ヤマトシジミの遺伝子の多様性についても、いろいろな方法で調べています。個体数や形態的な異常率だけでなく、事故後に遺伝的な多様性がどう変化してきたのかがわかってきています。そもそも「なぜ多様性が大切なのか」という話ですが、さまざまな特徴をもつ系統があることで、何か起きたときに全滅を免れる確率が上がります。つまり、多様性があるほうが集団として強いと言えます。しかし、たとえば今回の事故で放射線に強い系統だけが生き残ったとして、その系統がたまたま寒さに弱い系統だったとしたら、「寒い」というイベントが起きたときには全滅してしまう危険性がありますよね。ですから、事故による多様性の影響を調べることも大事です。

この2、3年はカタバミへの影響調査も続けていますし、事故当時のヤマトシジミの状態を知るために、3月11日前後の時期に福島から東北にかけて幼虫を探す調査も行ってきました。雪をかきわけて2ミリとか5ミリの幼虫を地面にはいつくばって探しました(笑)。それによって、初期被曝の影響のシミュレーションができるようなりました。3月11日時点ではまだ幼虫は小さく、食べ盛りになったときには放射性物質がカタバミに降り注いでいたはず。ですから、外部被曝も内部被曝も、一番幼虫が成長するセンシティブな時期に起きただろうということがわかってきました。

原発事故を経験した国の科学者が未来のためにできること

abt:約10年間にわたる研究を振り返って、みなさんの印象に特に残っていることはありますか?

大瀧:やっぱり野原さんのことが大きいですね。

平良:研究のことでいうと、私は福島でのヤマトシジミの採集に2年目から参加しているのですが、広野町での採集のことがすごく印象に残っています。5人で1日半かけて探したのですが、見つかったのは5匹くらいでした。ヤマトシジミはどこでも見つかるチョウなのですが、なかなか見つかりませんでした。

子どものころからチョウを採っていますが、あんなに採れなかったことは初めてです。「こんなふうになってしまうんだ……」と思いました。私たちがチョウをとっている横で、防護服を着た人たちが乗ったバスがピストン輸送で通っていったことも覚えています。今では同じ場所でも、ヤマトシジミをたくさん見つけることができます。

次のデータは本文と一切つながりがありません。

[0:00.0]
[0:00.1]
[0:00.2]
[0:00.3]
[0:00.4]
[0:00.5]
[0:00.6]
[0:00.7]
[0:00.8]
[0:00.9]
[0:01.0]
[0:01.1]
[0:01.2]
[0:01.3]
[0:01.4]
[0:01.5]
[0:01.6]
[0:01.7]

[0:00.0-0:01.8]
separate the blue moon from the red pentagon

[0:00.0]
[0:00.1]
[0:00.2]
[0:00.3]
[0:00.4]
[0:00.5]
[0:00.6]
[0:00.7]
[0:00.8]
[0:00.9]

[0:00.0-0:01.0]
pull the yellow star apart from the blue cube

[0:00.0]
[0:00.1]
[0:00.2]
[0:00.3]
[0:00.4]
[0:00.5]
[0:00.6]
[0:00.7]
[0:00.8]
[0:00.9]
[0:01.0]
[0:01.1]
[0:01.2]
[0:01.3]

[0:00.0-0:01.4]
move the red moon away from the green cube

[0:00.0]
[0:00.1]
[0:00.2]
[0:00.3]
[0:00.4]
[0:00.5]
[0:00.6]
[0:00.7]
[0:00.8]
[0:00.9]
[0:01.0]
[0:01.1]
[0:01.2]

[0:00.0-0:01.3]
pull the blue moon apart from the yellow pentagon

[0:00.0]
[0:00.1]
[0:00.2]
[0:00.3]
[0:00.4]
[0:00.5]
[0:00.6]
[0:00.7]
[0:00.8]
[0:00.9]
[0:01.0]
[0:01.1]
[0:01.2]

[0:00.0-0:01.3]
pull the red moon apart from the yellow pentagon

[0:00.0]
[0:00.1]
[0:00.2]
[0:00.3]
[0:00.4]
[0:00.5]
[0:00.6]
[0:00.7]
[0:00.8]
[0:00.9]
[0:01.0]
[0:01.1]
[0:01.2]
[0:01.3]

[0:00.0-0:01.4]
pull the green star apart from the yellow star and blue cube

Ko:私の印象に残っているのは、2015年に西日本で再稼働した原発周辺のヤマトシジミの調査をしたことです。福島では原発事故後からヤマトシジミの調査を始めたので、事故前の状況はわかりませんでした。その反省を踏まえて行なわれた調査です。前年に東日本の調査をしていたので、これで全国のヤマトシジミのデータセットが完成したんです。

基準となる平常時のデータを整理しておくことは、環境指標生物として利用するためにも必須です。地震大国、そして原発事故経験国に暮らす科学者の姿勢として、「明日の災害に備える」ということでもある。実際には「行って採る」だけですけれども、意義の大きさを思うと未来に残せる仕事だったと思います。この調査をやることができて本当によかったです。

abt:現在の研究室での状況はいかがですか?

平良:今年は久しぶりに福島に行かない年になりました。いままでの10年というのは「何が起こっているのか」を調べることが中心でした。そこから「どうやって、それが起きたのか」ということの解明にシフトしているところです。実験室のなかでメカニズムを探っていく段階になり、ようやく全体像が見えてきています。

大瀧:いまの課題は後継者の問題ですね。この研究は学生のモチベーションと労力で成り立っているところがあるのですけれど、いまの学生にとって原発事故は小学生や中学生のときに起きたことなんです。「教科書に載っていた出来事」みたいになっていて、原発事故の問題に対してモチベーションをもつ学生が少なくなっていることを感じています。

平良:一緒に研究をしていた人たちも卒業し、いつの間にか大瀧先生の次に研究室に長くいるようになりました。わからないことがたくさん残ったまま終わらせるわけにはいかないし、野原さんに残された宿題のような気持ちで研究を続けています。野原さんやKoさんのように専門外の分野から研究室に入った人もいるので、「やりたい」という意思さえあれば、先生やみんなと一緒に考えながらやっていける研究室だと思います。この分野を研究してみたいという人が来てくれることを期待しています。